Genetic architecture of the quantitative traits is an important aspect for understanding the sustained response of selection and also for predicting the disease risk. In regards to the distribution of effect of variants underlying the quantitative traits, Fisher (1918) proposed a simple explanation, termed as the infinitesimal model, where the quantitative traits are composed by very large number of unlinked loci, each of very small effect and add up in a linear way. Under this model, selection response can be sustained for a long time, since the selection does not cause substantial change in gene frequency and also not reduce the genetic variants. However, genome wide analysis often found genetic variants which have considerable effect on the quantitative traits, contrast with the prediction from classic Fisher’s infinitesimal model. Since the model was constructed long before the genomic revolution, the question is then whether the model is still relevant today based on pattern that we observe from genomic data. In this review, I will discuss the issue with the emphasize on the theoretical model of the allelic effect distribution, the contribution of mutation on the long term selection response and on the most plausible explanation for missing heritability.
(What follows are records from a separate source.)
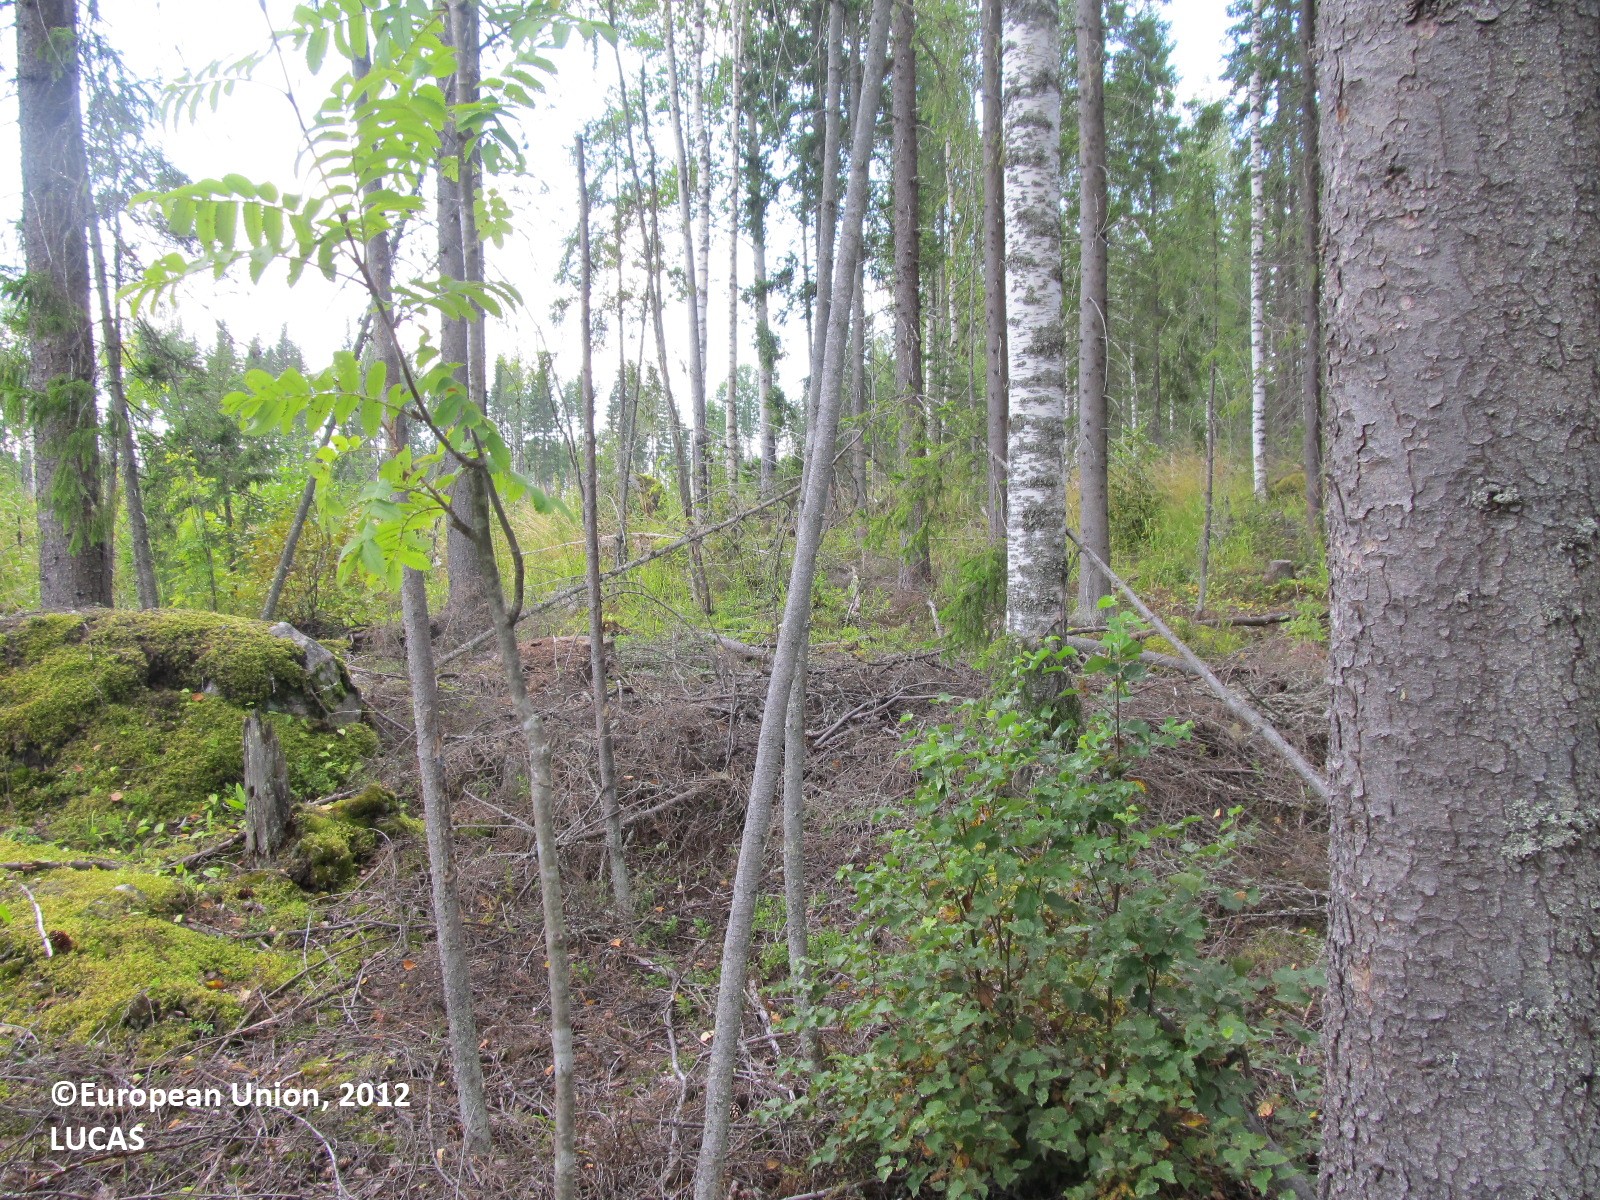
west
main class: Woodland
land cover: Spruce dominated mixed woodland
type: boreal forest
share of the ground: 25 - 50 %
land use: Forestry
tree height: > 5 m
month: August
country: FI
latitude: 62.4533
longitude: 27.7558
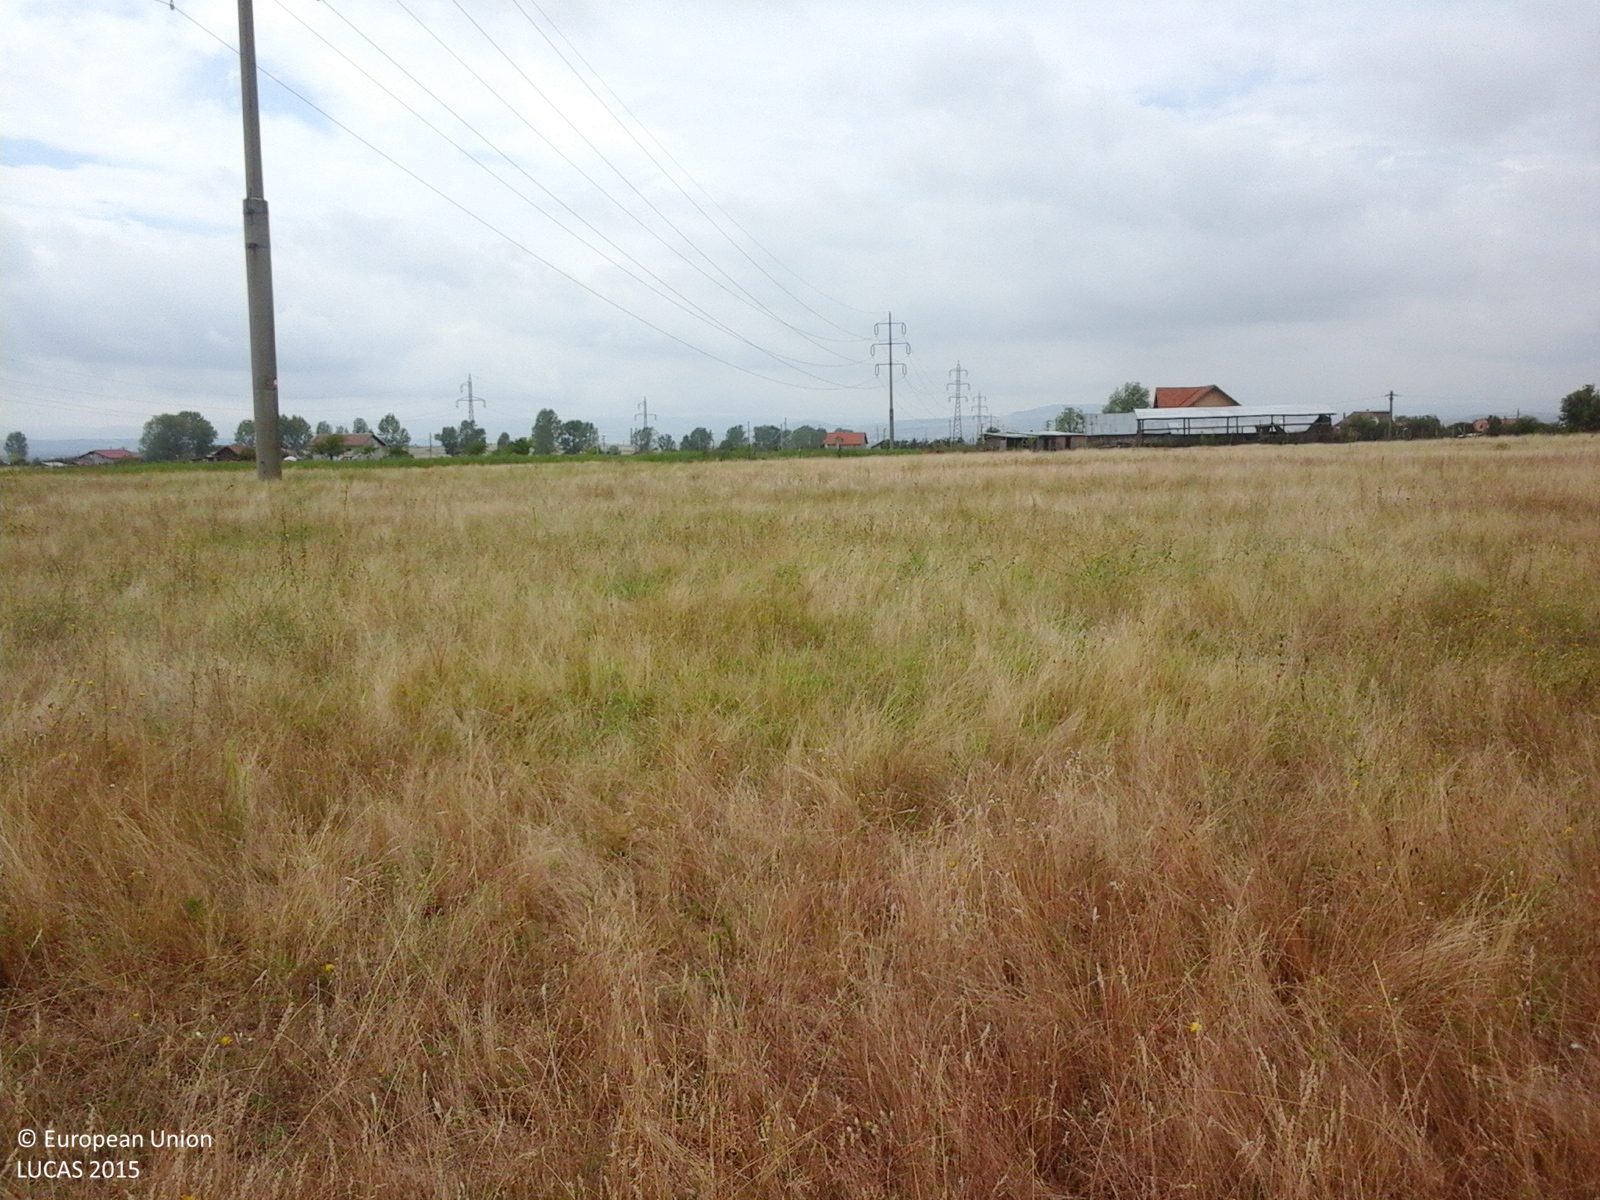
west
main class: Grassland
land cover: Grassland without tree/shrub cover
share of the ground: > 75 %
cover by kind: herbaceous plants 100 %
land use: Agriculture (excluding fallow land and kitchen gardens)
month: August
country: RO
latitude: 44.6204
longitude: 22.7337
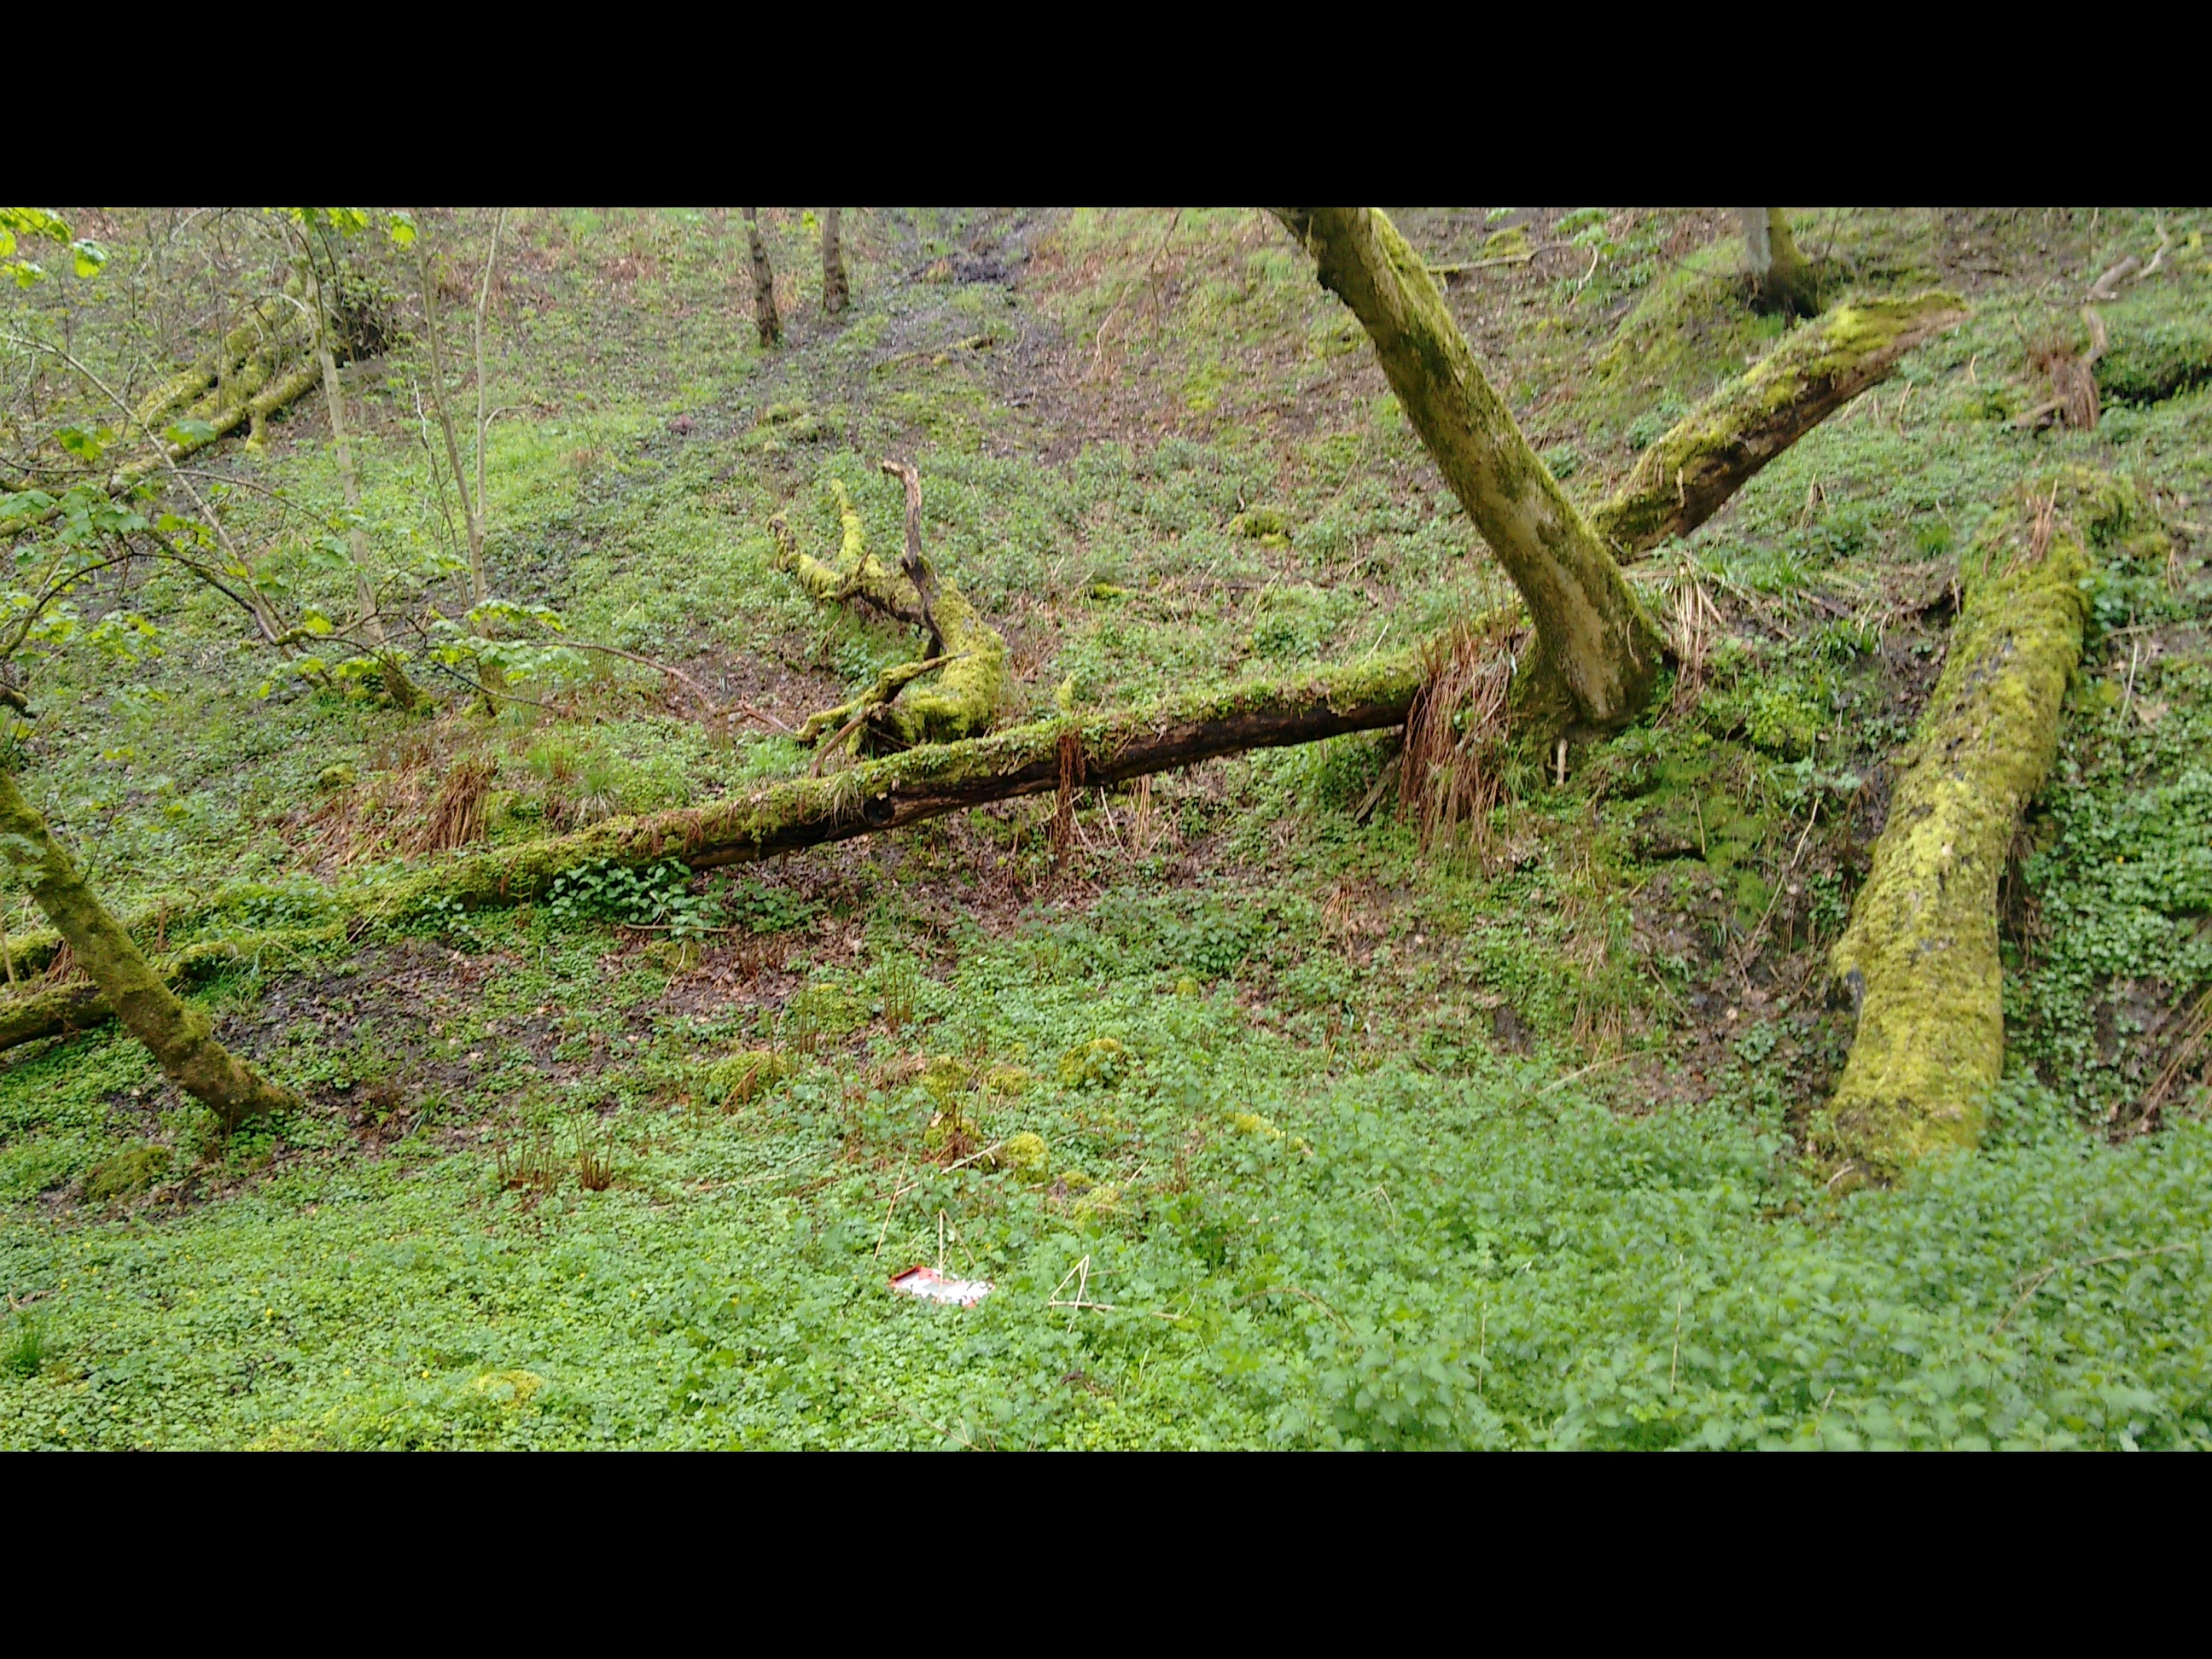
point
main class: Woodland
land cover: Broadleaved woodland
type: mesophytic deciduous forest
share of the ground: > 75 %
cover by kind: broadleaved forest trees 100 %
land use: Amenities, museums, leisure
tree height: > 5 m
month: May
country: GB
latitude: 53.7123
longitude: -2.5353
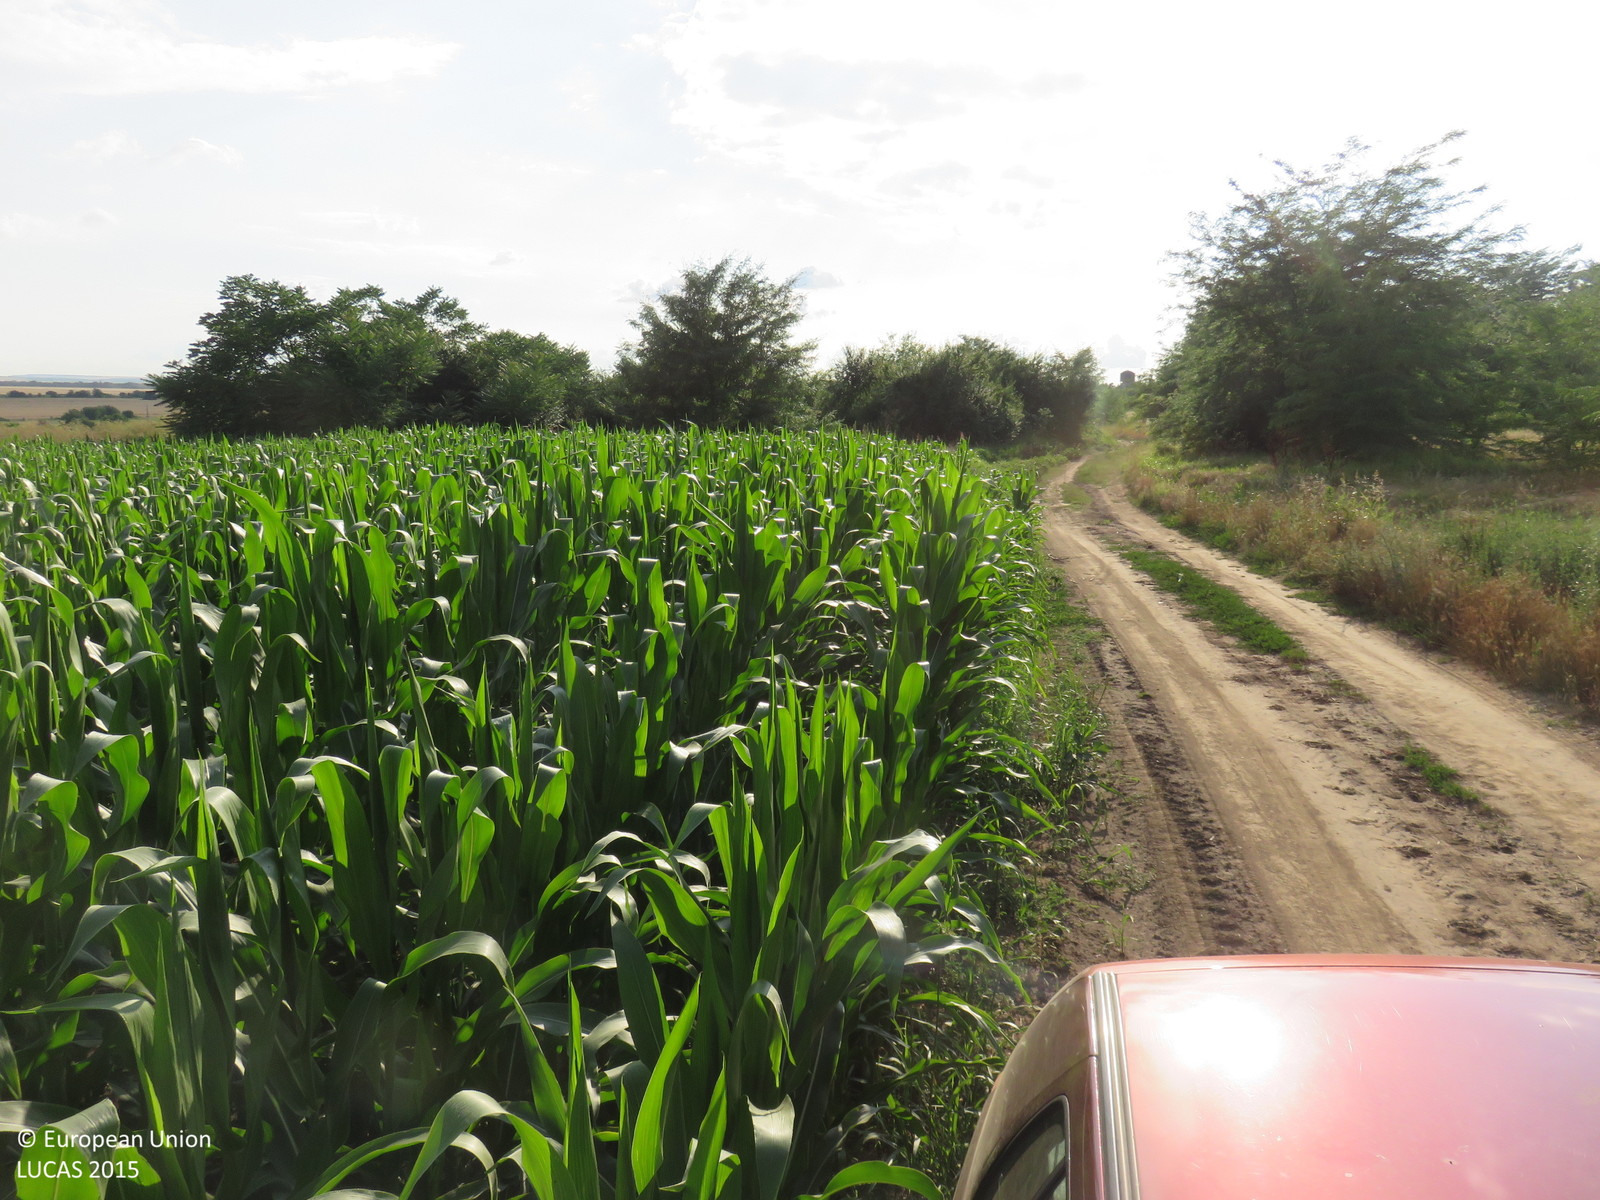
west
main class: Cropland
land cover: Maize
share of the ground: > 75 %
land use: Agriculture (excluding fallow land and kitchen gardens)
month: June
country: BG
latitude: 43.3717
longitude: 24.9400

The genetics of adaptation: from Fisher’s Geometric to Orr’s Exponential Model
Theoretical model to understanding the range of effect beneficial mutations fixed by natural selection is crucial to determine the allelic effect underlying the quantitative genetics variations. One of adaptation mechanism is through process called as micromutationism which views adaptation as a gradual process and no possibility of big leap of beneficial changes. Based on this perspective, Fisher proposed a model of adaptation called as geometric model. In his model, Fisher imagined that organisms consisting of multi-dimensional sphere and the fitness increase smoothly inward until maximum fitness value in the centre of the sphere. Initially, population starts from the outer of sphere with distance d (perimeter of the sphere) and mutation takes the phenotype into random direction with the effect (distance) r. The mutations have higher chance bringing the phenotype closer to the optimum fitness at centre of sphere (thus beneficial) if r is less than d. Thus, Fisher’s geometric model implies that adaptation is mediated by successive gradual steeps, so that mutations with infinitesimal effects have higher chance to be advantageous.
However, Fisher’s geometric model neglected the fact that initially, mutations are only found in several organisms. Therefore, mutations are sensitive to stochastic process and the mutational effect becomes important factor to escape for that random loss. Mutation with large effects have relatively higher survival probability than minor effect mutations. Taking account for these two factors, Kimura revised the Fisher’s geometric model by stating that mutation with moderate effects are the ones that contribute the most to the adaptation.
Orr extended the idea by considering the distribution effect of mutations responsible for entire bouts of adaptation, since the magnitude of the effect might be different thorough steps of adaptations. Using analytical theory and computer simulation, he suggested that during adaptation, the mutational effect follows exponential distribution, where it was dominated by a few mutations with large effect in the early stage and then followed progressively by large number of mutations with smaller effects. The exponential pattern can be understood by the concept of adaptive space, where at the start of adaptation there are still many spaces for random mutation to be tested again selection, but the space to the centre (optimum fitness) become limited as selection proceed. Latest work by Martin and Leonard (2008) using multivariate quantitative genetics results in beta distribution as the generalization of allelic effects distribution and approaches to the same Orr’s exponential distribution when character spaces are large.
The exponential pattern has been reported in a large body of QTL study including in skeletal elements regulation of stickleback fish (Kingsley et. al, 2004), flower colouration in monkeyflowers (Schemske et al., 2003) and yeast sporulation (Cohen & Lorenz, 2012). However, the magnitude of the effect in QTL study is often exaggerated and subject to the resolution of the mapping. Analysis in finer resolution of tb1 loci which was identified before as a large effect QTL controlling ear morphology shown that the QTL fractionates into five smaller multiple linked loci (Doebley & Studer, 2011).
Two dimensional view of Fisher-Orr Adaptation model. Light blue arrow shows a mutation with large effect (r > d) and resulting in drop of fitness. Orr suggested that the effect of mutation has an exponential pattern where it is dominated by few genes large effect (dark brown) and then followed by many genes with small effect (red, green, yellow) until reaching the fitness optimum.
The importance of mutational variance on the long term selection response
Data from Illinois maize divergent selection experiment (which started from 1890), showed that selection response on high oil content was still observed even after 100 generations (Duddley, 2005). The simple explanation for the continuing response is that the trait is controlled by numerous variants with very small effect. However, the response could also come from mutation with large effect which can directly be picked up by selection. This view receives little attention, after Frakham (1980) found that substantial response in the selection of Drosophila abdominal bristle is mediated by mutation at the bobbed locus which was not present at the standing genetic variation in the base population. In addition, Barton & Keightley (2001) shown that selection response beyond 20 generations are increasingly dependent on the input of mutational variance.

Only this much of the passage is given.